Ever since Wigner and Huntington’s prediction in 1935 that solid molecular hydrogen would dissociate and form an atomic and metallic phase at high pressures1, the phase diagram of hydrogen has been the focus of intense experimental and theoretical studies2,3,4,5,6,7. Advanced experimental techniques, notably diamond anvil cell approaches, mean that it is now possible to explore hydrogen at pressures up to about 360 GPa2,8,9,10, and new types of diamond anvil cell may be able to access much higher pressures11. These experiments, along with numerous theoretical studies, have revealed a remarkably rich and interesting phase diagram comprising regions of stability for a molecular solid, a molecular liquid and an atomic liquid, and within the solid region four distinct phases have been detected9,10,12,13. Furthermore, metallic hydrogen has been observed in high-temperature shock-wave experiments14,15 and it is accepted to be a major component of gas giant planets, such as Jupiter and Saturn15. Despite the tremendous and rapid progress, important gaps in our understanding of the phase diagram of high-pressure hydrogen remain, with arguably the least well-understood issue being the solid to liquid melting transition at very high pressures. Indeed the melting curve is only established experimentally and theoretically up to around 200 GPa5,6. However, from 65 GPa up to about 200 GPa, the slope of the melting curve is negative (that is, the melting point drops with increasing pressure), which suggests that at yet higher pressures a low temperature liquid state of hydrogen might exist or, as suggested by Ashcroft16, perhaps even a metallic liquid state at zero K. Further interest in hydrogen at pressures well above 200 GPa stems from other remarkable suggestions, such as superfluidity4 and superconductivity at room temperature17,18, all of which imply that hydrogen at extreme pressures could be one of the most interesting and exotic materials in all of condensed matter.

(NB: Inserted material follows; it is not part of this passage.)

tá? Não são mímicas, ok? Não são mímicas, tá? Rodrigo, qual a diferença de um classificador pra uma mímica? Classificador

In the current study we use computer simulation techniques to probe the low-temperature phase diagram of hydrogen in the ultra-high 500–1,200 GPa regime to try and find this potential low-temperature liquid state of hydrogen. We describe the proton motion using ab initio path-integral molecular dynamics (PIMD) methods19,20,21,22,23,24, which are based on electronic structures computed ‘on the fly’ as the dynamics of the system evolves, and can account for bond formation and breaking in a seamless manner. To compute the melting curve we simulate solid and liquid phases in coexistence5,25,26. The coexistence approach minimizes hysteresis effects arising from superheating or supercooling during the phase transition, and although it has been used with model potentials and ab initio approaches before the current study is, to the best of our knowledge, the first to combine it with the ab initio PIMD method. This treatment amounts to considering the Gibbs free energy of the liquid and solid phases when calculating the melting curve. With this combination of approaches we have found a low-temperature metallic atomic liquid phase at pressures of 900 GPa and above, down to the lowest temperature we can simulate reliably of 50 K. The existence of this low-temperature metallic atomic liquid is associated with a negative slope of the melting curve between atomic liquid and solid phases at pressures between 500 and 800 GPa. This low-temperature metallic atomic liquid is strongly quantum in nature, as treating the nuclei as classical particles using the ab initio molecular dynamics (MD) method significantly raises the melting curve of the atomic solid to ~300 K over the whole pressure range. The classical treatment of the nuclei does not reproduce a notable negative slope of the melting curve, and consequently does not predict a low-temperature liquid phase. Our study provides a finite temperature phase diagram of hydrogen under ultra-high pressures and gives direct numerical support for Ashcroft’s low-temperature metallic liquid.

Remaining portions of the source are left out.